The following facts are not in dispute, unless otherwise noted.FN1


FN1. Rule 56.1 of the Local Civil Rules of the United States District Courts for the Southern and Eastern Districts of New York (“Local Rule 56.1”) requires a party moving for summary judgment to submit “a separate, short and concise statement” of the allegedly undisputed material facts, set out in numbered paragraphs, on which the moving party relies in arguing that there is no genuine issue to be tried. See Local Rule 56.1(a); see also Gianullo v. City of New York, 322 F.3d 139, 140 (2d Cir.2003); Holtz v. Rockefeller & Co., Inc., 258 F.3d 62, 72 (2d Cir.2001). Defendant filed a 56.1(a) statement; plaintiff did not file a counter-statement under 56.1(b) or include his own statement of uncontroverted material facts in support of his cross-motion for summary judgment. The Court deems the facts in defendant's Rule 56.1 statement that are not controverted as admitted. See Local Rule 56.1(c). However, the Court may not rely solely on the statement of undisputed facts contained in the Rule 56.1 statement: “[i]t must be satisfied that the citation to the evidence in the record supports the assertion.” Vt. Teddy Bear Co., Inc. v. 1-800 Beargram Co., 373 F.3d 241, 244 (2d Cir.2004); see Gianullo, 322 F.3d at 143 n. 5. Therefore, the Court deems admitted only those facts that are supported by admissible evidence and not controverted by the record.



On March 3, 2006, plaintiff filed this action against defendants Transunion Credit Bureau (“Transunion”), Experian Credit Bureau (“Experian”), JP Morgan Chase Manhattan (“Chase”), and Equifax Information Services, LLC (“Equifax”), FN2 alleging violations of the FCRA. Plaintiff claims that defendants willfully made inaccurate reports on his credit file, and refused to conduct an investigation regarding these alleged inaccuracies. Plaintiff seeks $3,000 from each defendant and $15,000 in punitive damages.


FN2. Plaintiff incorrectly named defendant Equifax Information Services, LLC as “Equifax Credit Bureau.” See Defendant Equifax's Answer.



The Court held several conferences to address plaintiff's complaint. See Docket entries 16, 20, 25. At the conferences, defendants produced records showing that when plaintiff disputed inaccuracies on his credit report in August of 2005, the inaccuracies were corrected. See August 17, 2006 Transcript of Civil Cause for Telephone Conference (“August Transcript”) at 11-12. Thereafter, plaintiff entered into a stipulation dismissing his action against Chase, Experian and Transunion, which was so ordered by the Court. Document 22. FN3


FN3. Plaintiff brought a prior separate action against Chase, which was dismissed and later appealed. See September 13, 2006 Transcript of Civil Cause for Telephone Conference at 7.
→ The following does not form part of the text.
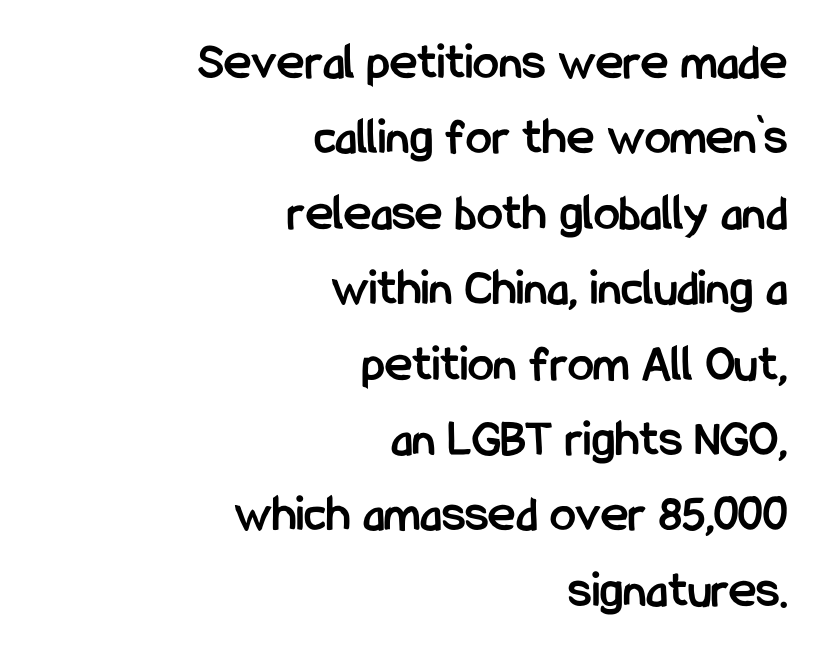
{"serif": "no", "italic": "no", "bold": "yes", "weight": "semibold", "width": "condensed", "stroke_contrast": "low", "x_height": "medium", "monospaced": "no", "underline": "no", "align": "right", "line_spacing": "normal", "line_spacing_ratio": 1.45, "letter_spacing": "normal", "letter_spacing_em": 0.0, "glyph_px": 52}
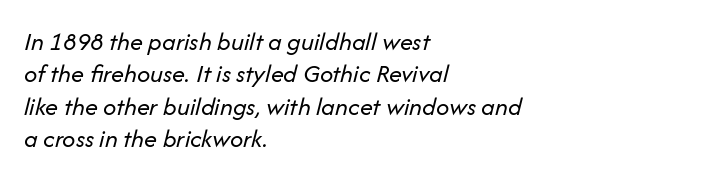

On June 1, 2006, plaintiff filed a motion to join EMS as a defendant in the action.FN4 EMS is a “reseller” as defined by 15 U.S.C. § 1681a(u) (a “reseller” means a consumer reporting agency that “(1) assembles and merges information contained in the database of another consumer reporting agency or multiple consumer reporting agencies concerning any consumer ... and (2) does not maintain a database of the assembled or merged information from which new consumer reports are produced”). Here, EMS purchased credit reports from Equifax, Transunion and Experian and assembled and merged the information into a “credit highlight” report to evaluate plaintiff's credit risk. Defendant's Local Civil Rule 56.1 (Def. Rule 56.1) ¶¶ 1-3; see also August Transcript at 8.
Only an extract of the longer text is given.